Учащение пульса – нормальная физиологическая реакция на увеличение нагрузки во время бега. Поэтому частота сердечных сокращений возрастает при ускорении и при беге в гору с неизменной скоростью. По словам Станислава Пахомова, если во время тренировки интенсивность остается постоянной, но при этом наблюдаются скачки пульса, это может служить поводом для беспокойства. Он рекомендует немедленно обратиться за медицинской консультацией».

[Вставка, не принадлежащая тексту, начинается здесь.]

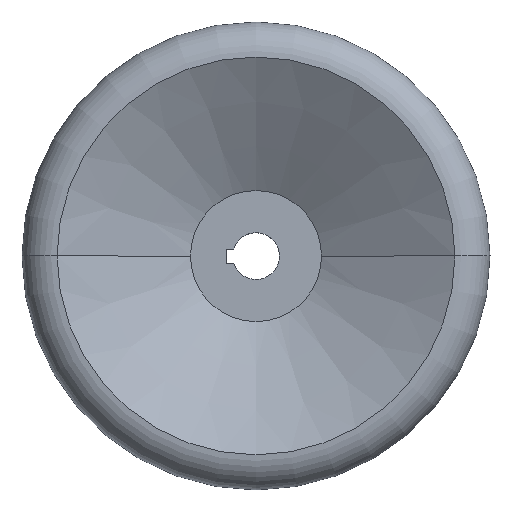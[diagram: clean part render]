
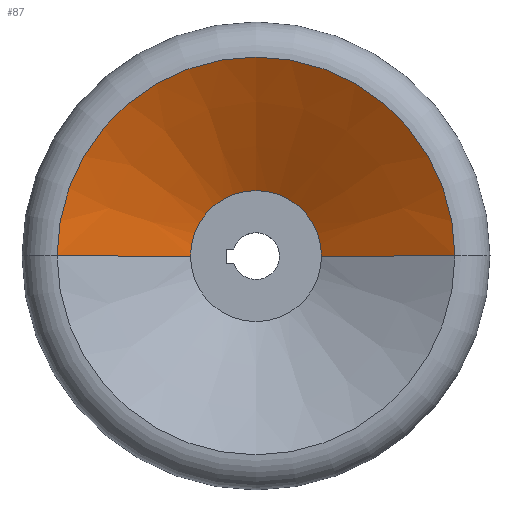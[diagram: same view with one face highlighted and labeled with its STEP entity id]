
A CAD part, top view. The second image highlights one B-rep face of the part: STEP entity #87.
In plain terms, the highlighted conical face has half-angle 59.931 degrees and reference radius 28.25 mm.
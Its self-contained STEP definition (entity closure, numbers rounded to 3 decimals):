
#87=ADVANCED_FACE('',(#174),#175,.F.);
#174=FACE_OUTER_BOUND('',#257,.T.);
#175=CONICAL_SURFACE('',#258,28.25,1.046);
#257=EDGE_LOOP('',(#433,#434,#435,#436));
#258=AXIS2_PLACEMENT_3D('',#437,#438,#439);
#433=ORIENTED_EDGE('',*,*,#495,.T.);
#434=ORIENTED_EDGE('',*,*,#502,.T.);
#435=ORIENTED_EDGE('',*,*,#496,.T.);
#436=ORIENTED_EDGE('',*,*,#476,.F.);
#437=CARTESIAN_POINT('',(0.,0.,24.75));
#438=DIRECTION('',(0.0,-0.0,1.0));
#439=DIRECTION('',(-1.0,0.,0.0));
#476=EDGE_CURVE('',#553,#555,#556,.T.);
#495=EDGE_CURVE('',#553,#583,#584,.T.);
#496=EDGE_CURVE('',#585,#555,#586,.T.);
#502=EDGE_CURVE('',#583,#585,#594,.T.);
#553=VERTEX_POINT('',#659);
#555=VERTEX_POINT('',#661);
#556=CIRCLE('',#662,42.5);
#583=VERTEX_POINT('',#693);
#584=LINE('',#694,#695);
#585=VERTEX_POINT('',#696);
#586=LINE('',#697,#698);
#594=CIRCLE('',#708,14.0);
#659=CARTESIAN_POINT('',(-42.5,0.,33.0));
#661=CARTESIAN_POINT('',(42.5,0.,33.0));
#662=AXIS2_PLACEMENT_3D('',#788,#789,#790);
#693=CARTESIAN_POINT('',(-14.0,0.,16.5));
#694=CARTESIAN_POINT('',(-28.25,0.,24.75));
#695=VECTOR('',#822,1.0);
#696=CARTESIAN_POINT('',(14.0,0.,16.5));
#697=CARTESIAN_POINT('',(28.25,0.,24.75));
#698=VECTOR('',#823,1.0);
#708=AXIS2_PLACEMENT_3D('',#832,#833,#834);
#788=CARTESIAN_POINT('',(0.,0.,33.0));
#789=DIRECTION('',(-0.0,0.0,-1.0));
#790=DIRECTION('',(-1.0,0.,0.0));
#822=DIRECTION('',(0.865,0.,-0.501));
#823=DIRECTION('',(0.865,0.,0.501));
#832=CARTESIAN_POINT('',(0.,0.,16.5));
#833=DIRECTION('',(-0.0,0.0,-1.0));
#834=DIRECTION('',(-1.0,0.,0.0));

«Когда речь заходит о беге с постоянной скоростью по ровной поверхности, не должно возникать внезапных ускорений, — отмечает Владимир Кузьмин. — Это может указывать на проблему, поэтому рекомендуется сделать перерыв и, если симптомы повторяются, проконсультироваться с врачом-кардиологом». Желательно обратиться к специалисту, имеющему опыт работы со спортсменами.

Практика демонстрирует, что подавляющее большинство бегунов, которые тренируются регулярно и наращивают нагрузку постепенно, только улучшают состояние своей сердечно-сосудистой системы.